**EXERCISE DESCRIPTION**:
Lines from the one with "second (bottom) one." through the end of the listing below should be set down exactly, with no other line included.
┌──
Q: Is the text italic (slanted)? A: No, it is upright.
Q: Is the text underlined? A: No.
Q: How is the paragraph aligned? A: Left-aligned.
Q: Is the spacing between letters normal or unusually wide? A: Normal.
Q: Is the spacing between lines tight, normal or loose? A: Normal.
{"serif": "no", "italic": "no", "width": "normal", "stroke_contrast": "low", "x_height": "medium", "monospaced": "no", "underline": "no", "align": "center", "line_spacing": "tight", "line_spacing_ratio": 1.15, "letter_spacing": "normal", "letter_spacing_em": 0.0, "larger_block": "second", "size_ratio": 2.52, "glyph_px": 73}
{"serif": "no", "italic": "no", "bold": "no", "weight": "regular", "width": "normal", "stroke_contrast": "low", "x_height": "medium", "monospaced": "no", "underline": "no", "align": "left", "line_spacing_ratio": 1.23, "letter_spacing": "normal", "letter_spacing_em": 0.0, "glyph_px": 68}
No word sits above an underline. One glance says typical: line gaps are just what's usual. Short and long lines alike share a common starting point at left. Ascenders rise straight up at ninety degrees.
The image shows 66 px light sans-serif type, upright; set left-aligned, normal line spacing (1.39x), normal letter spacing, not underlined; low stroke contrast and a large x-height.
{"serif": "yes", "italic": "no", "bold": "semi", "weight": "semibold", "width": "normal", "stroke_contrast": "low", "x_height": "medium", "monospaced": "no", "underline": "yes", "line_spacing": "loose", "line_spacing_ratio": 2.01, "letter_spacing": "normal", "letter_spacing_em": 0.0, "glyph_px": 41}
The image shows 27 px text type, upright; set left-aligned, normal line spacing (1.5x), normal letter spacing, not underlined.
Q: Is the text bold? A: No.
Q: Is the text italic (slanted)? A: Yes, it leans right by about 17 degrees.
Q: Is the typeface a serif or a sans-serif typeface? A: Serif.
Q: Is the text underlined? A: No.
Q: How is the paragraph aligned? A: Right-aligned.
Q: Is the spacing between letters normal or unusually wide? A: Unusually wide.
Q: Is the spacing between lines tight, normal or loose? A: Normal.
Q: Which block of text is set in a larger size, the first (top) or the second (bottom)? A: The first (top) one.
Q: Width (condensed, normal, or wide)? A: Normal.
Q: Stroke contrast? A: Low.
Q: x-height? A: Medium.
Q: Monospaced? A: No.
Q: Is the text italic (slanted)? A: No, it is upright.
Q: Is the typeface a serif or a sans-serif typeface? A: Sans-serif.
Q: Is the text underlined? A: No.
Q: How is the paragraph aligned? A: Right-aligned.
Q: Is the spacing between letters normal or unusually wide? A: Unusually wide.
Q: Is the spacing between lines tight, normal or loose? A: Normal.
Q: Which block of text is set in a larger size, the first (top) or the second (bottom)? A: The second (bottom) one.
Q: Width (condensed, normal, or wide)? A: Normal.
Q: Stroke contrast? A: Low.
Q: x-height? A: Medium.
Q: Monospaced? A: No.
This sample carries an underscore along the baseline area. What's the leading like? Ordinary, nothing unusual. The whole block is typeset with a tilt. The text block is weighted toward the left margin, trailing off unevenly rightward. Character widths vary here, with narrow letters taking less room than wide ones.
└──
**WORKED SOLUTION**:
Q: Which block of text is set in a larger size, the first (top) or the second (bottom)? A: The second (bottom) one.
Q: Width (condensed, normal, or wide)? A: Normal.
Q: Stroke contrast? A: Low.
Q: x-height? A: Medium.
Q: Monospaced? A: No.
This sample carries an underscore along the baseline area. What's the leading like? Ordinary, nothing unusual. The whole block is typeset with a tilt. The text block is weighted toward the left margin, trailing off unevenly rightward. Character widths vary here, with narrow letters taking less room than wide ones.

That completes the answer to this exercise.